Tanto il Führer quanto buona parte del suo entourage, ormai scoraggiati e disperati, furono preda di illusioni fino all'ultimo: si immaginavano difese organizzate con divisioni inesistenti, o con Armate ormai ridotte nella realtà a pochissimi uomini. In particolar modo, Hitler ripensava a Federico II di Prussia, che era riuscito a salvarsi dalla completa sconfitta nella Guerra dei Sette Anni perché i suoi nemici (e in particolare la Russia) avevano iniziato a ostacolarsi a vicenda ed erano usciti dall'alleanza.
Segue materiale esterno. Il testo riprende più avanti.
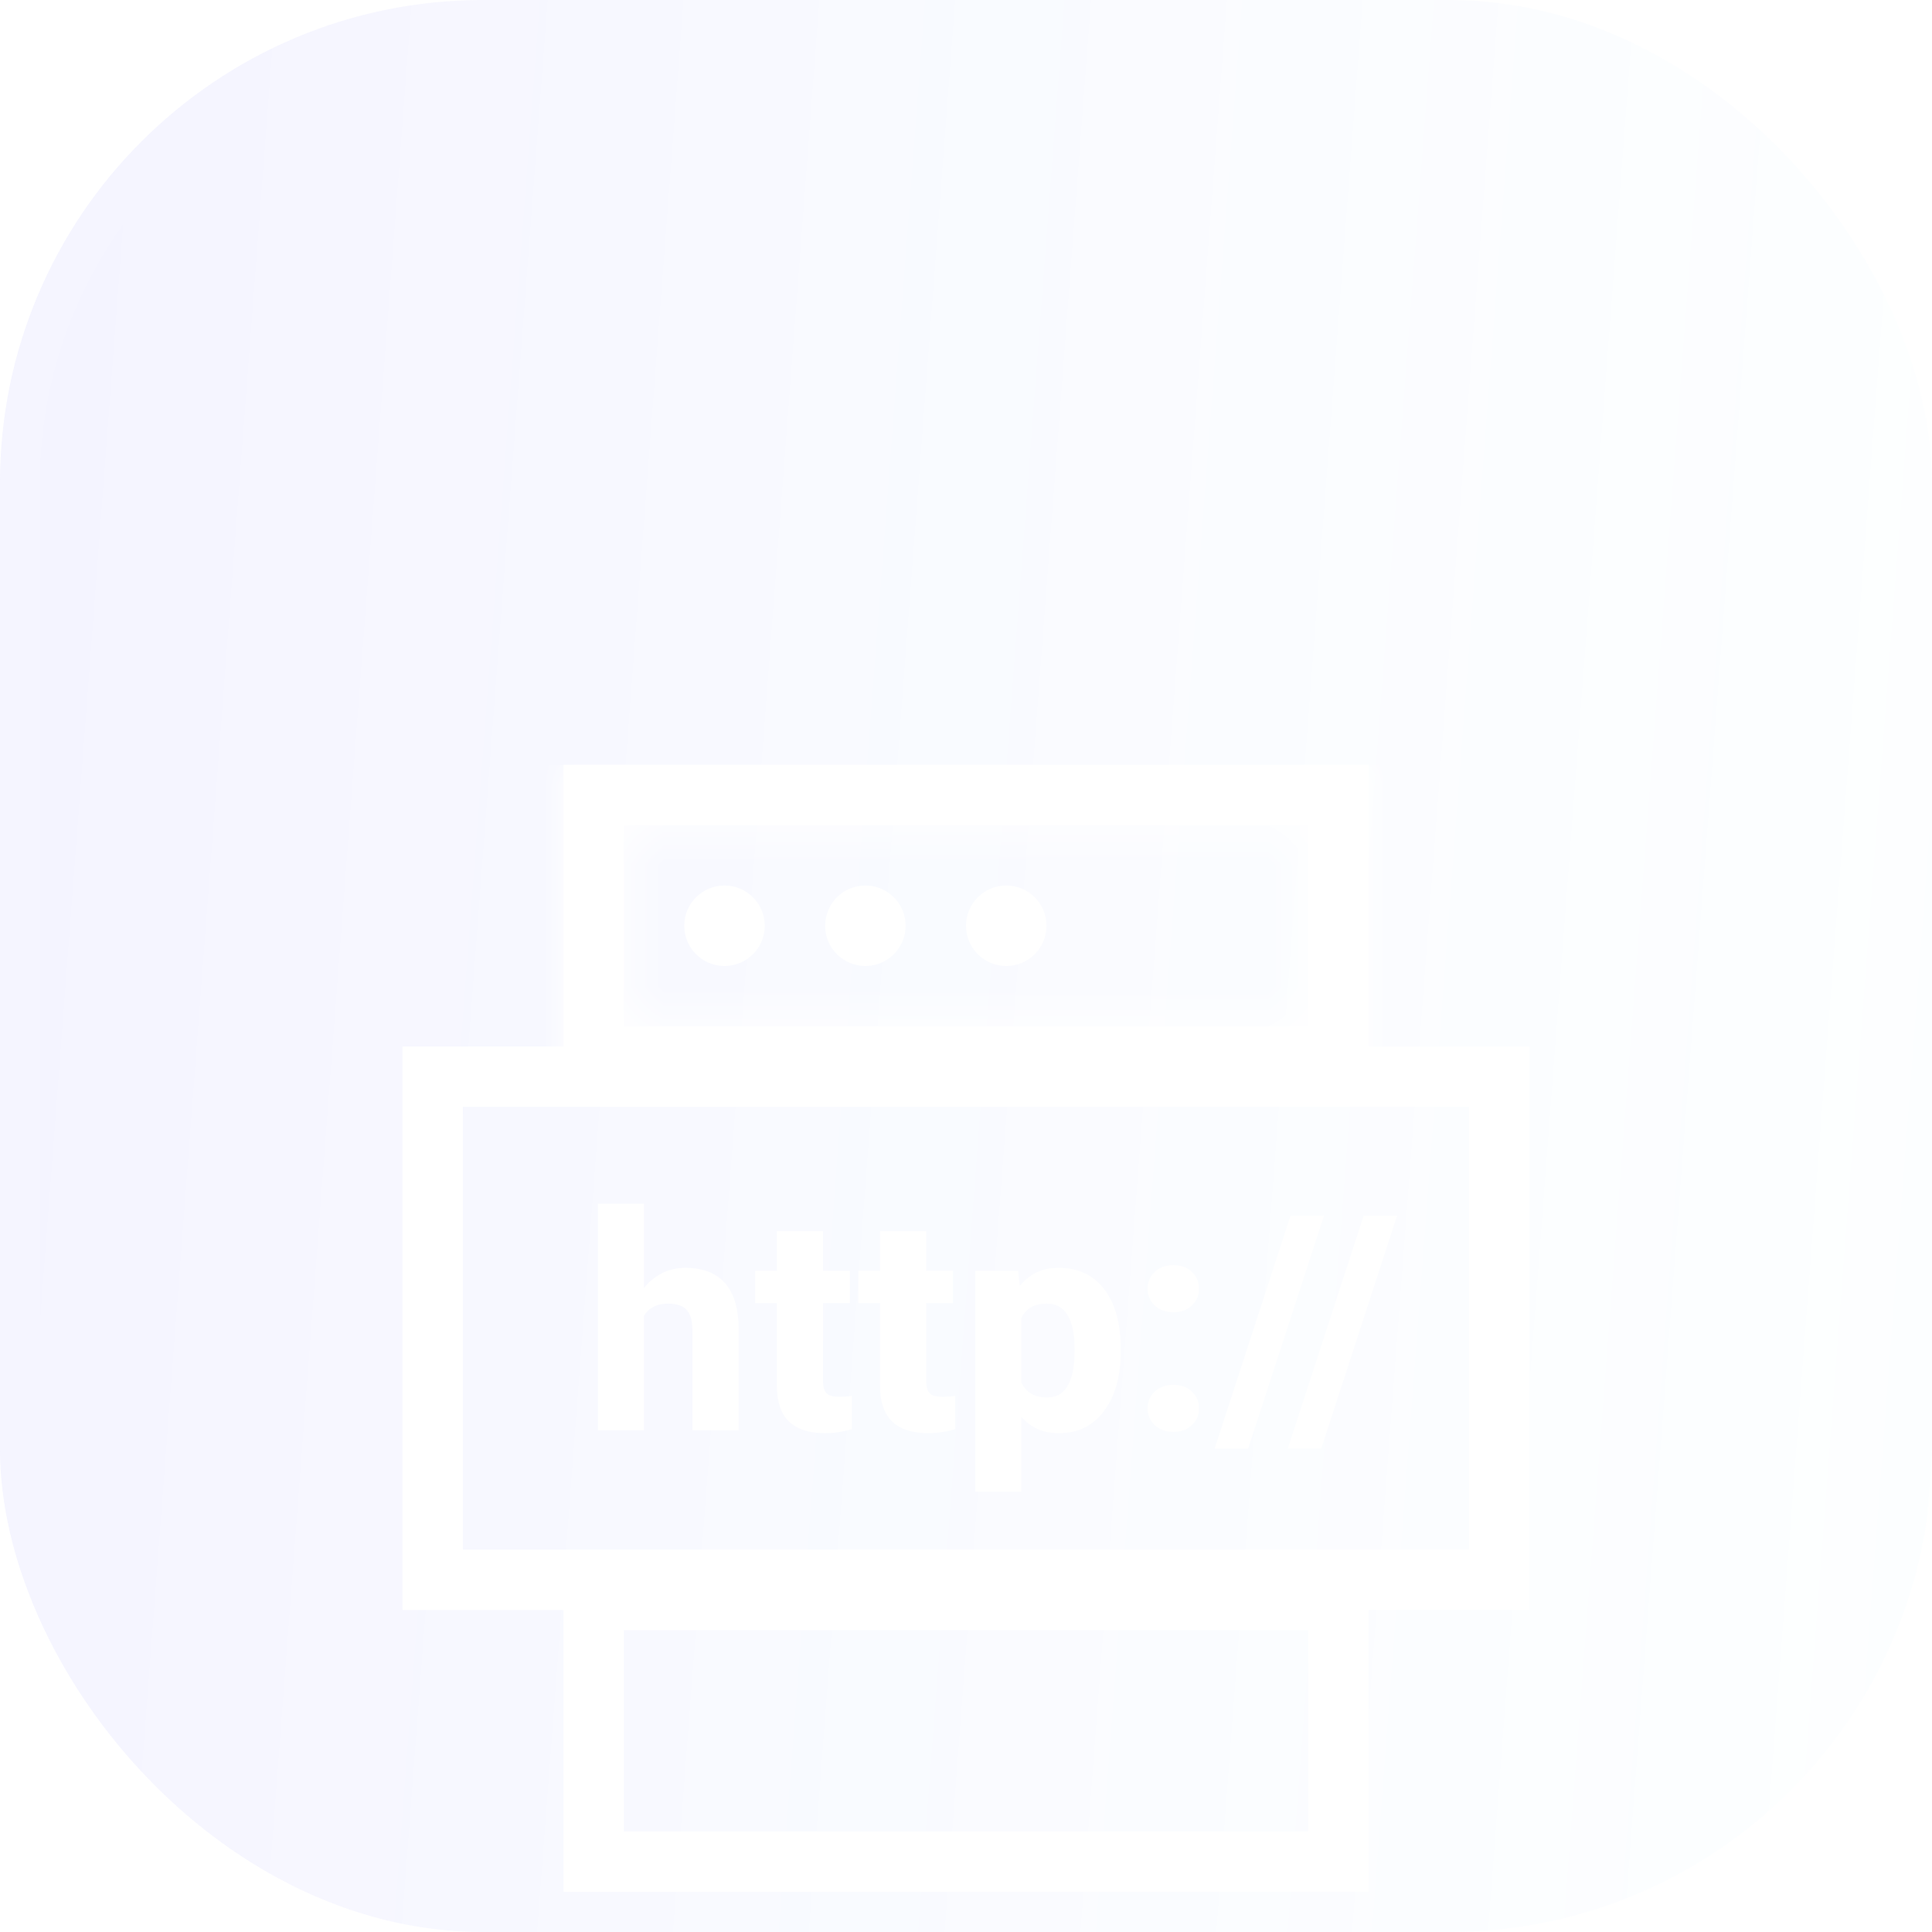 <svg width="48" height="48" viewBox="0 0 48 48" fill="none" xmlns="http://www.w3.org/2000/svg">
<g clip-path="url(#clip0_2601_18842)">
<rect width="48" height="48" rx="12" fill="url(#paint0_linear_2601_18842)" fill-opacity="0.1"/>
<g clip-path="url(#clip1_2601_18842)" filter="url(#filter0_ddd_2601_18842)">
<rect x="10.75" y="17.75" width="26.5" height="12.5" stroke="white" stroke-width="1.5"/>
<path d="M15.998 20.909V26.534H14.855V20.909H15.998ZM15.848 24.414L15.562 24.421C15.562 24.143 15.596 23.888 15.665 23.656C15.735 23.421 15.835 23.218 15.965 23.044C16.094 22.871 16.249 22.737 16.43 22.641C16.613 22.546 16.814 22.498 17.034 22.498C17.23 22.498 17.408 22.527 17.569 22.583C17.73 22.639 17.869 22.728 17.986 22.85C18.104 22.972 18.194 23.132 18.257 23.33C18.321 23.528 18.352 23.768 18.352 24.051V26.534H17.203V24.044C17.203 23.875 17.178 23.744 17.129 23.648C17.083 23.553 17.015 23.486 16.924 23.447C16.836 23.408 16.729 23.388 16.602 23.388C16.453 23.388 16.33 23.415 16.232 23.469C16.134 23.52 16.058 23.592 16.002 23.685C15.945 23.778 15.905 23.887 15.881 24.011C15.859 24.136 15.848 24.27 15.848 24.414ZM21.114 22.572V23.374H18.763V22.572H21.114ZM19.301 21.59H20.447V25.293C20.447 25.403 20.461 25.487 20.488 25.545C20.514 25.604 20.558 25.645 20.619 25.67C20.68 25.692 20.759 25.703 20.854 25.703C20.922 25.703 20.981 25.7 21.029 25.696C21.078 25.691 21.123 25.685 21.165 25.677V26.505C21.067 26.537 20.964 26.561 20.854 26.578C20.744 26.598 20.624 26.607 20.495 26.607C20.248 26.607 20.035 26.567 19.854 26.487C19.676 26.406 19.539 26.279 19.444 26.106C19.349 25.93 19.301 25.702 19.301 25.421V21.59ZM23.677 22.572V23.374H21.326V22.572H23.677ZM21.864 21.59H23.011V25.293C23.011 25.403 23.024 25.487 23.051 25.545C23.078 25.604 23.122 25.645 23.183 25.67C23.244 25.692 23.322 25.703 23.417 25.703C23.486 25.703 23.544 25.7 23.593 25.696C23.642 25.691 23.687 25.685 23.729 25.677V26.505C23.631 26.537 23.527 26.561 23.417 26.578C23.307 26.598 23.188 26.607 23.058 26.607C22.812 26.607 22.598 26.567 22.418 26.487C22.239 26.406 22.102 26.279 22.007 26.106C21.912 25.93 21.864 25.702 21.864 25.421V21.59ZM25.373 23.334V28.058H24.23V22.572H25.296L25.373 23.334ZM27.845 24.509V24.586C27.845 24.874 27.812 25.141 27.746 25.388C27.68 25.632 27.581 25.846 27.449 26.029C27.32 26.212 27.16 26.355 26.97 26.457C26.779 26.557 26.558 26.607 26.307 26.607C26.067 26.607 25.86 26.557 25.684 26.457C25.511 26.355 25.364 26.213 25.245 26.032C25.127 25.849 25.032 25.641 24.959 25.406C24.888 25.169 24.833 24.917 24.794 24.648V24.498C24.833 24.212 24.889 23.948 24.963 23.703C25.036 23.459 25.131 23.248 25.248 23.07C25.366 22.889 25.511 22.749 25.684 22.649C25.857 22.549 26.064 22.498 26.303 22.498C26.552 22.498 26.773 22.546 26.966 22.641C27.159 22.737 27.32 22.873 27.449 23.052C27.581 23.227 27.68 23.439 27.746 23.685C27.812 23.932 27.845 24.206 27.845 24.509ZM26.698 24.586V24.509C26.698 24.348 26.686 24.2 26.662 24.066C26.637 23.929 26.598 23.811 26.545 23.711C26.491 23.608 26.42 23.529 26.332 23.473C26.244 23.416 26.137 23.388 26.01 23.388C25.873 23.388 25.757 23.41 25.662 23.454C25.567 23.498 25.49 23.563 25.431 23.648C25.373 23.731 25.33 23.834 25.303 23.956C25.279 24.078 25.265 24.217 25.263 24.373V24.776C25.265 24.959 25.291 25.123 25.34 25.267C25.391 25.409 25.471 25.52 25.578 25.6C25.688 25.678 25.834 25.718 26.017 25.718C26.147 25.718 26.254 25.689 26.34 25.633C26.427 25.575 26.497 25.493 26.548 25.388C26.602 25.283 26.64 25.162 26.662 25.025C26.686 24.889 26.698 24.742 26.698 24.586ZM28.511 25.992C28.511 25.826 28.57 25.687 28.687 25.575C28.807 25.462 28.962 25.406 29.152 25.406C29.345 25.406 29.499 25.462 29.613 25.575C29.731 25.687 29.789 25.826 29.789 25.992C29.789 26.156 29.731 26.294 29.613 26.406C29.499 26.518 29.345 26.575 29.152 26.575C28.962 26.575 28.807 26.518 28.687 26.406C28.57 26.294 28.511 26.156 28.511 25.992ZM28.511 23.019C28.511 22.852 28.57 22.713 28.687 22.601C28.807 22.489 28.962 22.433 29.152 22.433C29.345 22.433 29.499 22.489 29.613 22.601C29.731 22.713 29.789 22.852 29.789 23.019C29.789 23.182 29.731 23.32 29.613 23.432C29.499 23.545 29.345 23.601 29.152 23.601C28.962 23.601 28.807 23.545 28.687 23.432C28.57 23.32 28.511 23.182 28.511 23.019ZM32.895 21.202L31.009 26.992H30.177L32.063 21.202H32.895ZM34.711 21.202L32.825 26.992H31.994L33.88 21.202H34.711Z" fill="white"/>
<rect x="14.75" y="30.75" width="18.5" height="6.5" stroke="white" stroke-width="1.5"/>
<mask id="path-6-inside-1_2601_18842" fill="white">
<path fill-rule="evenodd" clip-rule="evenodd" d="M32.5 11.5H15.5V16.5H32.5V11.5ZM15.5 10H14V11.5V16.5V18H15.5H32.5H34V16.5V11.5V10H32.5H15.5Z"/>
</mask>
<path fill-rule="evenodd" clip-rule="evenodd" d="M32.5 11.5H15.5V16.5H32.5V11.5ZM15.5 10H14V11.5V16.5V18H15.5H32.5H34V16.5V11.5V10H32.5H15.5Z" fill="white"/>
<path d="M15.5 11.5V10H14V11.5H15.5ZM32.5 11.5H34V10H32.5V11.5ZM15.5 16.5H14V18H15.5V16.5ZM32.5 16.5V18H34V16.5H32.5ZM14 10V8.5H12.5V10H14ZM14 18H12.5V19.5H14V18ZM34 18V19.5H35.5V18H34ZM34 10H35.5V8.5H34V10ZM15.5 13H32.5V10H15.5V13ZM17 16.5V11.5H14V16.5H17ZM32.5 15H15.5V18H32.5V15ZM31 11.5V16.5H34V11.5H31ZM14 11.5H15.5V8.5H14V11.5ZM15.5 11.5V10H12.5V11.5H15.5ZM15.5 16.5V11.5H12.5V16.5H15.5ZM15.5 18V16.5H12.5V18H15.5ZM15.5 16.5H14V19.5H15.5V16.5ZM32.5 16.5H15.5V19.5H32.5V16.5ZM34 16.5H32.5V19.5H34V16.5ZM32.5 16.5V18H35.5V16.5H32.5ZM32.5 11.5V16.5H35.5V11.5H32.5ZM32.5 10V11.5H35.5V10H32.5ZM32.5 11.5H34V8.5H32.5V11.5ZM15.5 11.5H32.5V8.5H15.5V11.5Z" fill="white" mask="url(#path-6-inside-1_2601_18842)"/>
<circle cx="18" cy="14" r="1" fill="white"/>
<circle cx="21.5" cy="14" r="1" fill="white"/>
<circle cx="25" cy="14" r="1" fill="white"/>
</g>
</g>
<rect x="0.5" y="0.5" width="47" height="47" rx="11.5" stroke="white" stroke-opacity="0.05"/>
<defs>
<filter id="filter0_ddd_2601_18842" x="-6" y="2" width="60" height="60" filterUnits="userSpaceOnUse" color-interpolation-filters="sRGB">
<feFlood flood-opacity="0" result="BackgroundImageFix"/>
<feColorMatrix in="SourceAlpha" type="matrix" values="0 0 0 0 0 0 0 0 0 0 0 0 0 0 0 0 0 0 127 0" result="hardAlpha"/>
<feOffset dy="8"/>
<feGaussianBlur stdDeviation="8"/>
<feComposite in2="hardAlpha" operator="out"/>
<feColorMatrix type="matrix" values="0 0 0 0 0.067 0 0 0 0 0.094 0 0 0 0 0.153 0 0 0 0.1 0"/>
<feBlend mode="normal" in2="BackgroundImageFix" result="effect1_dropShadow_2601_18842"/>
<feColorMatrix in="SourceAlpha" type="matrix" values="0 0 0 0 0 0 0 0 0 0 0 0 0 0 0 0 0 0 127 0" result="hardAlpha"/>
<feOffset dy="1"/>
<feGaussianBlur stdDeviation="2"/>
<feComposite in2="hardAlpha" operator="out"/>
<feColorMatrix type="matrix" values="0 0 0 0 0.067 0 0 0 0 0.094 0 0 0 0 0.153 0 0 0 0.1 0"/>
<feBlend mode="normal" in2="effect1_dropShadow_2601_18842" result="effect2_dropShadow_2601_18842"/>
<feColorMatrix in="SourceAlpha" type="matrix" values="0 0 0 0 0 0 0 0 0 0 0 0 0 0 0 0 0 0 127 0" result="hardAlpha"/>
<feMorphology radius="1" operator="dilate" in="SourceAlpha" result="effect3_dropShadow_2601_18842"/>
<feOffset/>
<feComposite in2="hardAlpha" operator="out"/>
<feColorMatrix type="matrix" values="0 0 0 0 0.067 0 0 0 0 0.094 0 0 0 0 0.153 0 0 0 0.05 0"/>
<feBlend mode="normal" in2="effect2_dropShadow_2601_18842" result="effect3_dropShadow_2601_18842"/>
<feBlend mode="normal" in="SourceGraphic" in2="effect3_dropShadow_2601_18842" result="shape"/>
</filter>
<linearGradient id="paint0_linear_2601_18842" x1="0.106" y1="1.38015e-05" x2="51.448" y2="3.891" gradientUnits="userSpaceOnUse">
<stop stop-color="#918EFF"/>
<stop offset="1" stop-color="#CAF5FF" stop-opacity="0.4"/>
</linearGradient>
<clipPath id="clip0_2601_18842">
<rect width="48" height="48" rx="12" fill="white"/>
</clipPath>
<clipPath id="clip1_2601_18842">
<rect width="28" height="28" fill="white" transform="translate(10 10)"/>
</clipPath>
</defs>
</svg>

Le idee che circolavano nel bunker sotterraneo della cancelleria, tra i più alti gradi del Terzo Reich, rimanevano improntate a un totale scollegamento dalla realtà: la guerra era persa da mesi (se non da anni) ma ci si ostinava da un lato a credere a una vittoria impossibile, dall'altro a pensare che il Reich dovesse finire in una sorta di autodistruttivo crepuscolo degli dei. Inoltre si era completamente dimentichi delle tristi condizioni dell'esercito tedesco, in cui divisioni formate da ragazzi di 13-14 anni ed anziani di 60-70, pesantemente sotto organico (3-4.000 uomini contro i quasi 12.000 teorici), armati con un coacervo di armi modernissime e antiquate (fucili d'assalto accanto a moschetti Carcano 91/28), avrebbero dovuto resistere indefinitamente, mentre altre formazioni analoghe avrebbero dovuto garantire una immensa quanto assurda controffensiva da Sud.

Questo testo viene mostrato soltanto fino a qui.